「……日向子」
大きな窓から差し込む西日の眩しさに、幼い少女は目を細める。
「なんでしゅの……? おとうしゃま」
「……今日からこの子がこの屋敷で暮らすことになった」
逆光の中に立つ父と、傍らに佇む少年の姿が、太陽が沈みゆくことでゆっくりと明らかになっていく。
「……はじめまして、おじょうさま」
まだあどけない顔を緊張にこわばらせながら、少年は恭しくお辞儀した。
「ほんじつより、くぎみやたかつきせんせいのもとでべんきょうさせていただくことになった……『ゆきのぜん』です。
よろしくおねがいします」
少女は、にっこり笑った。
「はいっ。
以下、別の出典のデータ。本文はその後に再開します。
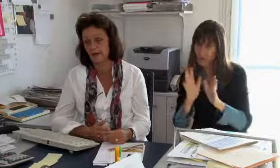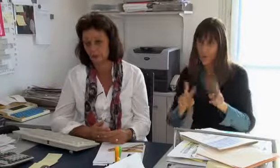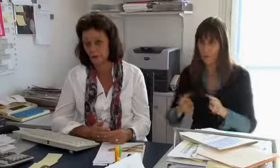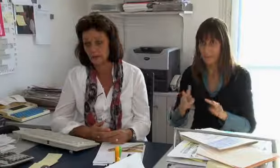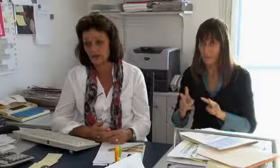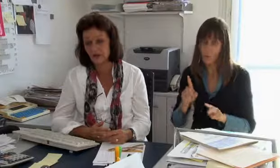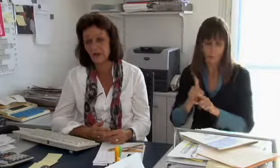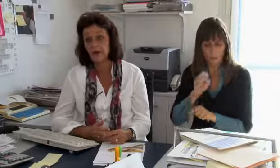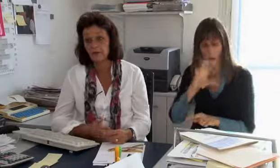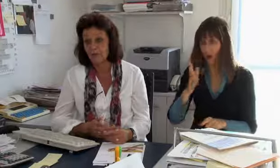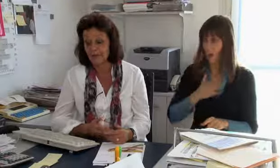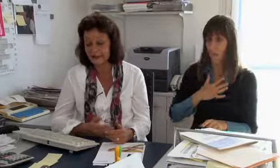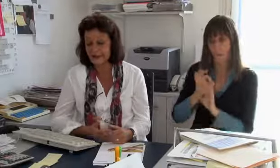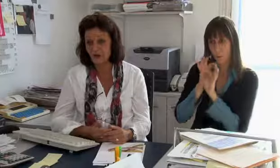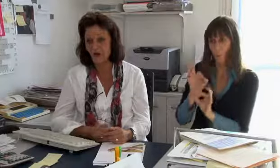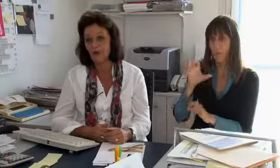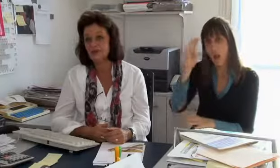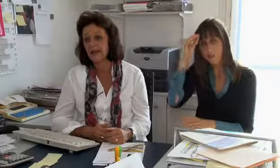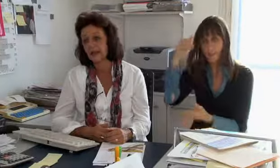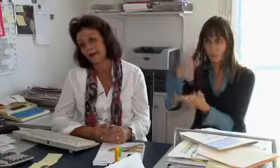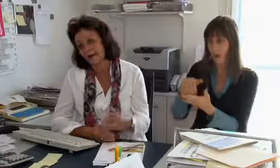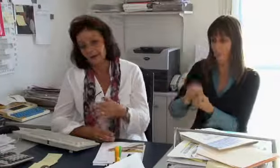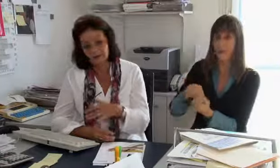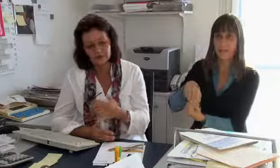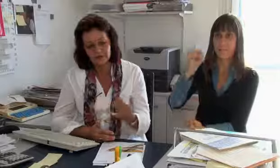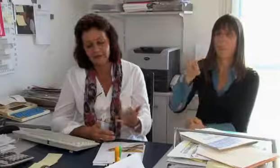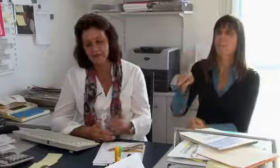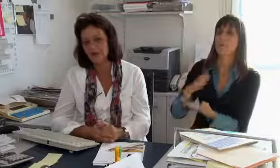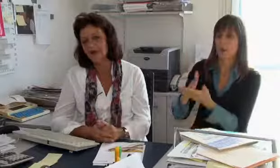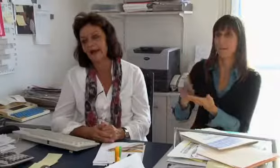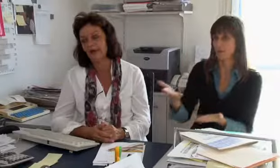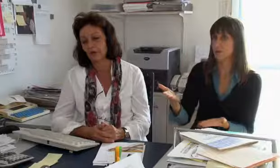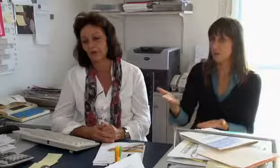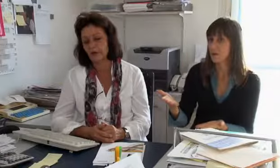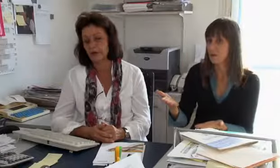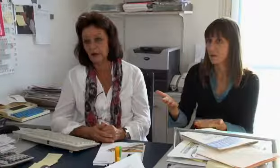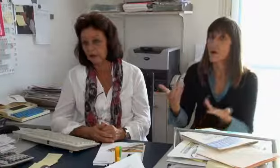Videovermittlung braucht ganz klar einen diplomierten, gut ausgebildeten Dolmetscher, welcher diesen Dienst

よろしくでしゅわ、じぇん!」
「……ぜん、です」
少年は生真面目に訂正した。
「……じぇんっ」
「……ぜん、です」
「だから……じぇん、でしょう?」
「……」
少年は困ったような顔をしてしばらく考えたあと、言った。
「……ゆきの、とよんでください」
《第3章 林檎には罪を 口付けには罰を -impatience-》【1】
「……先生、失礼します」
「……来たか、漸」
あの日とよく似た西日が、部屋の中を赤く染めあげている。
「……わかっているとは思うが、娘の……日向子のことだ」
「はい。お嬢様は、おかわりなく健やかにお過ごしです」
「……仕事は順調そうなのか?」
「はい。そのようにお見受け致します」
「……そうか」
60を間近にした初老の紳士は、その低い声に苦渋をにじませた。
「……もっと早く挫折するかと思ったが、あれも案外としぶとい」
それは先程の問掛けが、愛娘が選んだ道を尊重し、応援しようという意図とはまるで逆の意味を持つことを如実に物語る言葉だった。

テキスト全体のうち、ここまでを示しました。